Bailya anomala

Scientific classification
- Kingdom: Animalia
- Phylum: Mollusca
- Class: Gastropoda
- Subclass: Caenogastropoda
- Order: Neogastropoda
- Family: Pisaniidae
- Genus: Bailya
- Species: B. anomala
- Binomial name: Bailya anomala (Hinds, 1844)
- Synonyms: Bailya (Bailya) anomala (Hinds, 1844) alternative representation; Fusus bellus C. B. Adams, 1852 junior subjective synonym (invalid: junior homonym of Fusus...); Triton anomalus Hinds, 1844 (original combination);

= Bailya anomala =

- Genus: Bailya
- Species: anomala
- Authority: (Hinds, 1844)
- Synonyms: Bailya (Bailya) anomala (Hinds, 1844) alternative representation, Fusus bellus C. B. Adams, 1852 junior subjective synonym (invalid: junior homonym of Fusus...), Triton anomalus Hinds, 1844 (original combination)

Species of gastropod

Bailya anomala is a species of sea snail, a marine gastropod mollusc in the family Pisaniidae.

==Description==
(Original description in Latin) The shell is ovate and brown, with strong longitudinal ribs crossed by raised transverse lines that form a cancellated pattern.

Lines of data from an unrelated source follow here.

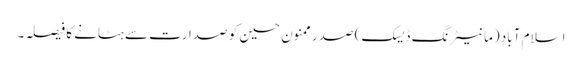
اسلام آباد (مانیٹرنگ ڈیسک) صدر ممنون حسین کو صدارت سے ہٹانے کا فیصلہ۔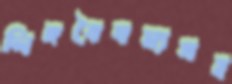
লিঙ্গবৈষম্যসহ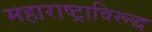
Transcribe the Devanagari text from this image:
महाराष्ट्राविरूद्ध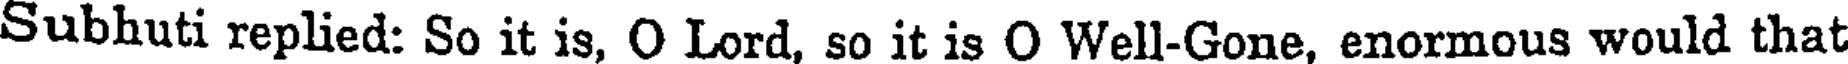
Subhuti replied: So it is, O Lord, so it is O Well-Gone, enormous would that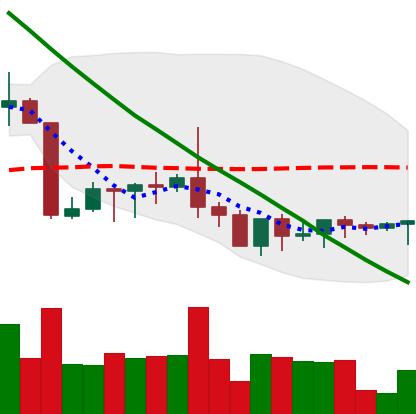
Ticker: XRP-USD
Chart end date: 2022-09-05
Forward return: 7.425%
Label: up_7plus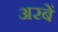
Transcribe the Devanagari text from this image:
अरबें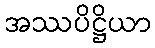
အဿပိဋ္ဌိယာ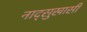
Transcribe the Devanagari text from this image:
नाद्सुखासी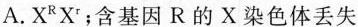
A.X^{R}X^{r}；含基因R的X染色体丢失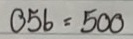
056 = 500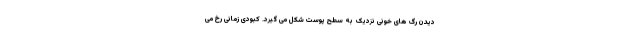
دیدن رگ های خونی نزدیک به سطح پوست شکل می گیرد. کبودی زمانی رخ می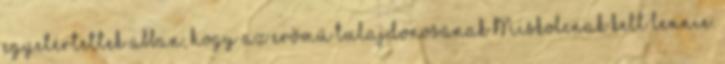
egyetértettek abban, hogy az erőmű tulajdonosának Miskolcnak kell lennie.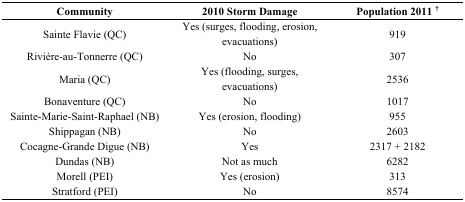
| Community | 2010 Storm Damage | Population 2011 † |
 | --- | --- | --- |
 | Sainte Flavie (QC) | Yes (surges, flooding, erosion, evacuations) | 919 |
 | Rivière-au-Tonnerre (QC) | No | 307 |
 | Maria (QC) | Yes (flooding, surges, evacuations) | 2536 |
 | Bonaventure (QC) | No | 1017 |
 | Sainte-Marie-Saint-Raphael (NB) | Yes (erosion, flooding) | 955 |
 | Shippagan (NB) | No | 2603 |
 | Cocagne-Grande Digue (NB) | Yes | 2317 + 2182 |
 | Dundas (NB) | Not as much | 6282 |
 | Morell (PEI) | Yes (erosion) | 313 |
 | Stratford (PEI) | No | 8574 |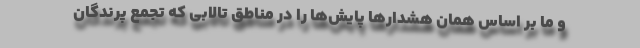
و ما بر اساس همان هشدارها پایش‌ها را در مناطق تالابی که تجمع پرندگان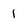
Character: 1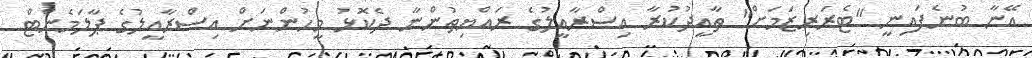
އޭނާ ބުނެފައިނީ "ޓެރަރިޒަމަށް" ތާއީދުކުރާ އިސްރާއީލުގެ ރައްޔިތުންނާ ދެކޮޅު މީހުންނަށް އިސްރާއީލުގެ ޕާލަމެންޓް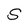
Character: S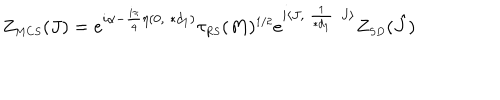
LaTeX: Z _ { \scriptscriptstyle M C S } ( J ) = e ^ { i \alpha - \frac { i \pi } { 4 } \eta ( 0 , \ast d _ { \scriptscriptstyle 1 } ) } \tau _ { \scriptscriptstyle R S } ( M ) ^ { \scriptscriptstyle 1 / 2 } e ^ { i \langle J , \frac { 1 } { \ast d _ { \scriptscriptstyle 1 } } J \rangle } Z _ { \scriptscriptstyle S D } ( \hat { J } )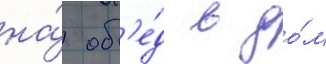
на́ об'е́д в до́м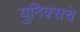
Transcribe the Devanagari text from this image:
युनिक्सचे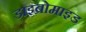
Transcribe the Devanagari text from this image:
डाइब्रोमाइड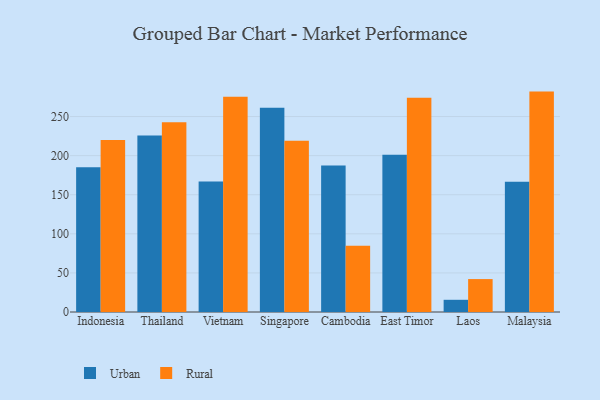
{"axis": {"x": "Country", "y": "Bounce Rate (%)"}, "legend": ["Rural", "Urban"], "data": [{"x": "Indonesia", "y": 185.2, "type": "Urban"}, {"x": "Indonesia", "y": 220.0, "type": "Rural"}, {"x": "Thailand", "y": 225.7, "type": "Urban"}, {"x": "Thailand", "y": 242.7, "type": "Rural"}, {"x": "Vietnam", "y": 166.8, "type": "Urban"}, {"x": "Vietnam", "y": 275.3, "type": "Rural"}, {"x": "Singapore", "y": 261.4, "type": "Urban"}, {"x": "Singapore", "y": 219.1, "type": "Rural"}, {"x": "Cambodia", "y": 187.4, "type": "Urban"}, {"x": "Cambodia", "y": 84.6, "type": "Rural"}, {"x": "East Timor", "y": 201.1, "type": "Urban"}, {"x": "East Timor", "y": 274.0, "type": "Rural"}, {"x": "Laos", "y": 15.6, "type": "Urban"}, {"x": "Laos", "y": 42.1, "type": "Rural"}, {"x": "Malaysia", "y": 166.5, "type": "Urban"}, {"x": "Malaysia", "y": 281.9, "type": "Rural"}]}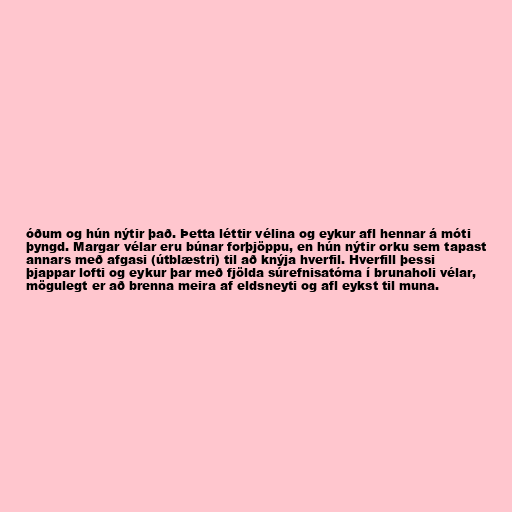
óðum og hún nýtir það. Þetta léttir vélina og eykur afl hennar á móti
þyngd. Margar vélar eru búnar forþjöppu, en hún nýtir orku sem tapast
annars með afgasi (útblæstri) til að knýja hverfil. Hverfill þessi
þjappar lofti og eykur þar með fjölda súrefnisatóma í brunaholi vélar,
mögulegt er að brenna meira af eldsneyti og afl eykst til muna.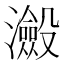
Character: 𭳮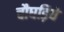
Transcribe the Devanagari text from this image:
चौघड़िये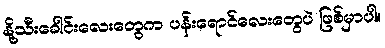
နို့သီးခေါင်းလေးတွေက ပန်းရောင်လေးတွေပဲ ဖြစ်မှာပါ။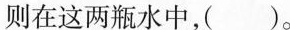
则在这两瓶水中，( )。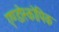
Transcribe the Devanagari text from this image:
एण्डोस्कोपिक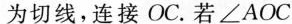
为切线，连接OC。若 $$ ∠ A O C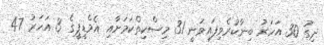
ދިގު 30 އަހަރު ބިނާކުރެވިފައިވަނީ 31 މިސްކިތްކަމަށާއި އެމްޑީޕީގެ 3 އަހަރު 47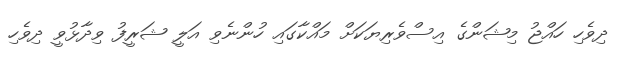
ދިވެހި ހައްޖު މިޝަންގެ އިސްވެރިޔަކަށް މައްކާގައި ހުންނެވި އަލީ ޝަރީފު ވިދާޅުވީ ދިވެހި

The spire is approximately equal in length to the aperture, and the suture is pronounced. The shell is without varices. The aperture is oval and pale, with a rather short siphonal canal.

(Described as Fusus bellus) The shell is rather elongate and regularly fusiform. It is white, with reddish-brown spots arranged in spiral series, usually three on each whorl: one above and two below the middle. Each whorl bears approximately ten fairly narrow, prominent ribs, some of which are somewhat varix-like. These ribs are crossed by raised spiral lines, producing nodulose intersections, together with additional spiral striae.

The apex is acute, and the spire is conical. The shell comprises seven very convex whorls, separated by a moderately impressed suture. The aperture is elongate-ovate, with a broad, moderately extended siphonal canal.

==Distribution==
This species occurs off Coiba Island, Panama; further occurrences in the Caribbean Sea off Mexico, Costa Rica and Honduras.